Em 1977, Erich Fried torna-se professor da Universidade de Giessen, mas logo vê-se envolto em tumulto e críticas por suas declarações sobre a conjuntura política alemã, sendo até mesmo processado após um artigo em que chamava a morte do anarquista Georg von Rauch (1947 - 1971), em um confronto com a polícia em Berlim, de assassinato.
Após anos de escrita política, Erich Fried publica a coletânea de poesia amorosa Liebesgedichte (1979), que se tornaria a mais popular coletânea de poemas do pós-guerra. Mesmo em casas alemãs onde nenhum outro livro de poesia pode ser encontrado nas estantes, é possível encontrar com frequência dois livros: o Buch der Lieder, de Heinrich Heine, e Liebesgedichte, de Erich Fried. A este, se seguiria outro livro de poesía lírica amorosa, chamado Es ist was es ist (1983), com poemas que seriam musicados e se tornariam também bastante conhecidos. Erich Fried morreu em Baden-Baden, a 22 de novembro de 1988, em decorrência de um câncer.

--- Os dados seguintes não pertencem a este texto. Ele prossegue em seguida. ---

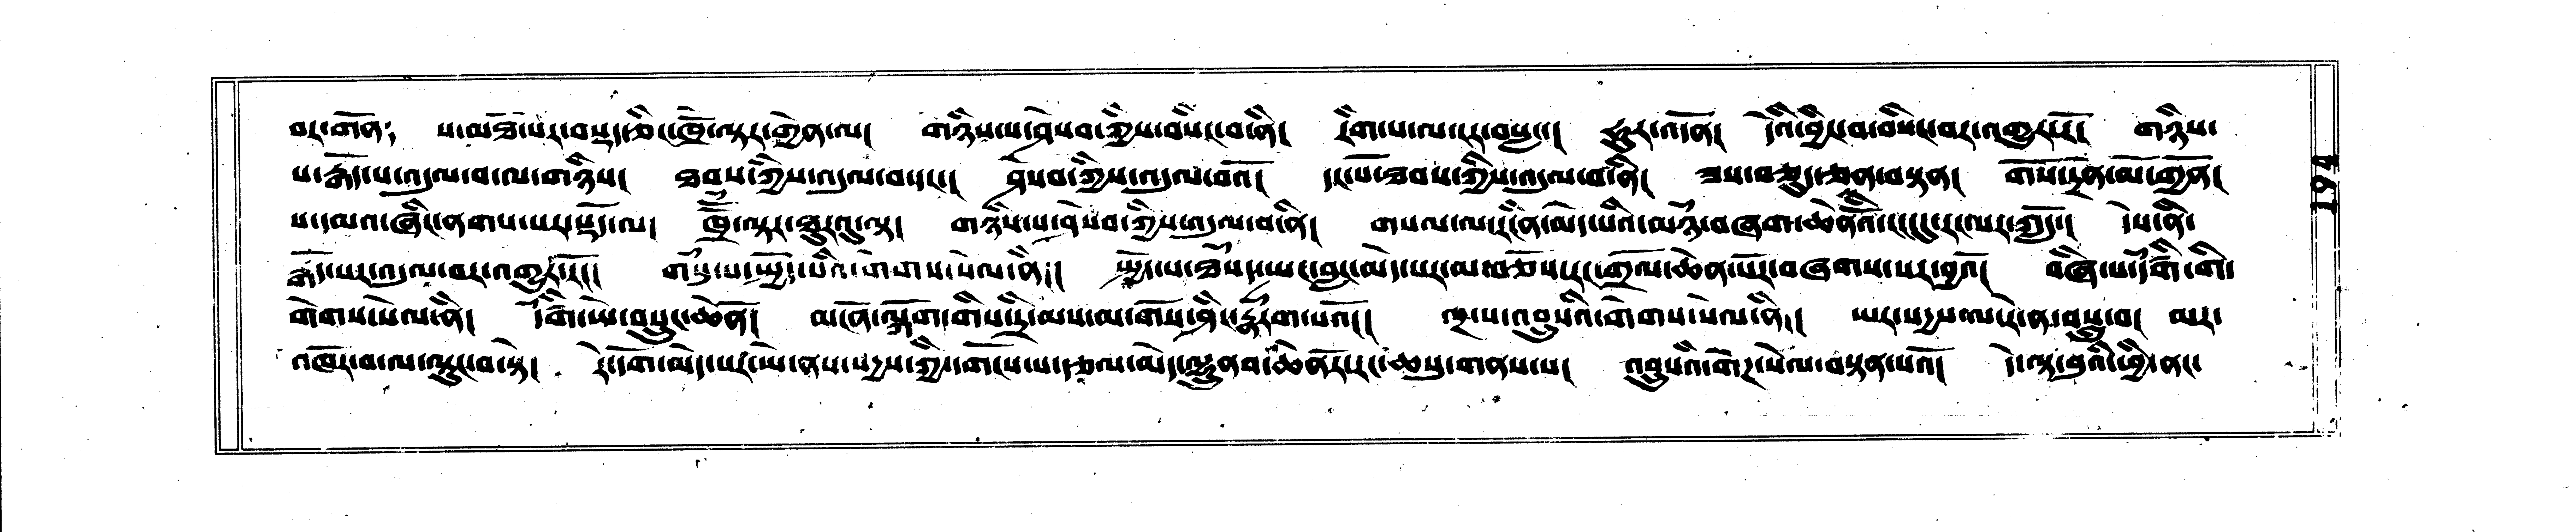པར་གོན། ས་མཐོ་བར་བསྡད་ཅིང་ཁྲོ་བོ་ལྟར་གྱེན་ལ་བལྟ། གཉིས་པ་ཤེས་རབ་ཀྱིས་བསིང་བ་ནི། རིག་པ་ལ་ངར་བླུད། ཧུར་འདོན། དེའི་བྱིང་བ་བསིང་བར་འགྱུར་རོ། །གཉིས་
པ་རྒོད་པ་འདུལ་བ་ལ་གཉིས། ཐབས་ཀྱིས་འདུལ་བ་དང་ཤེས་རབ་ཀྱིས་འདུལ་བའོ། །དང་པོ་ཐབས་ཀྱིས་འདུལ་བ་ནི་ཟས་བཅུད་ཅན་བསྟེན། གོས་དྲོན་མོ་གྱོན། 
ས་དམའ་ཞིང་ནགས་སར་སྡོད་ལ། ཁྲོ་བོ་ལྟར་ཐུར་དུ་ལྟ། གཉིས་པ་ཤེས་རབ་ཀྱིས་འདུལ་བ་ནི། གསལ་ལ་རང་བཞིན་མེད་པའི་མཉམ་བཞག་ཆེན་པོའི་རང་སར་གློད། དེས་ནི་
རྒོད་པ་འདུལ་བར་འགྱུར་རོ། །གསུམ་པ་སྤྱོད་པའི་གེག་སེལ་ནི། སྤྱོད་པ་ཐམས་ཅད་སྤང་བླང་མེད་པར་མ་བཅོས་རང་གྲོལ་ཆེན་པོར་བཞག་པར་བྱའོ། །བཞི་པ་དམ་ཚིག་གི་
གེག་སེལ་ནི། དམ་ཚིག་ཡེ་བསྲུང་ཆེན་པོ། མངོན་ལྐོག་གི་དྲི་མས་མ་གོས་ཤིང་རྣམ་པར་དག་པའོ། །ལྔ་པ་འབྲས་བུའི་གེག་སེལ་ནི། ཡར་སངས་རྒྱས་ལ་རེ་ན་བསླུ་བ། མར་
འཁོར་བ་ལ་ལྟུང་བ་སྟེ། རེ་དྭོགས་མེད་པར་ཡེ་ནས་སངས་རྒྱས་ཀྱི་དགོངས་པ་བརྩལ་མེད་ལྷུན་གྲུབ་ཆེན་པོར་རང་ཆས་སུ་གནས་པ། འབྲས་བུའི་གེག་སེལ་བསྟན་པའོ། །དེ་ལྟ་བུའི་ཕྱི་ནང་

Para um leitor brasileiro, a poesia de Erich Fried soará familiar e poderá ligar-se à de modernistas como Manuel Bandeira (1886 - 1968) e Oswald de Andrade (1890 - 1954). No entanto, com a exceção de certos poemas esparsos de Gottfried Benn (1886 - 1956), especialmente em Morgue (1912), poemas escritos por Bertolt Brecht (1898 - 1956) no seu exílio em Los Angeles durante a Guerra, assim como nos dadaístas (que permaneceram marginais ao cânone) Hans Arp (1886 - 1966) e Kurt Schwitters (1887 - 1948), apenas no Pós-Guerra o uso do coloquial e de certo realismo prosaico se tornariam mais praticados na língua alemã, com poetas como Günter Eich (1907 - 1972), Ernst Jandl (1925 - 2000) ou H.C. Artmann (1921 - 2000). Outros poemas lembrarão a poética esparsa da poesia concreta e neoconcreta.
Traduzi alguns destes poemas há muito tempo, por prazer. Esta postagem não tem a ambição de introduzir um poeta que traga novas técnicas à poesia brasileira contemporânea, mas a de apresentar a um público brasileiro um dos poetas mais amados da língua alemã, com textos cheios de humor e de uma sensibilidade lírica extremamente delicada. Um poeta que esteve fincado em seu tempo e, mais de duas décadas depois de sua morte, ainda é cantado... literalmente cantado. Que ambição maior pode ter um poeta?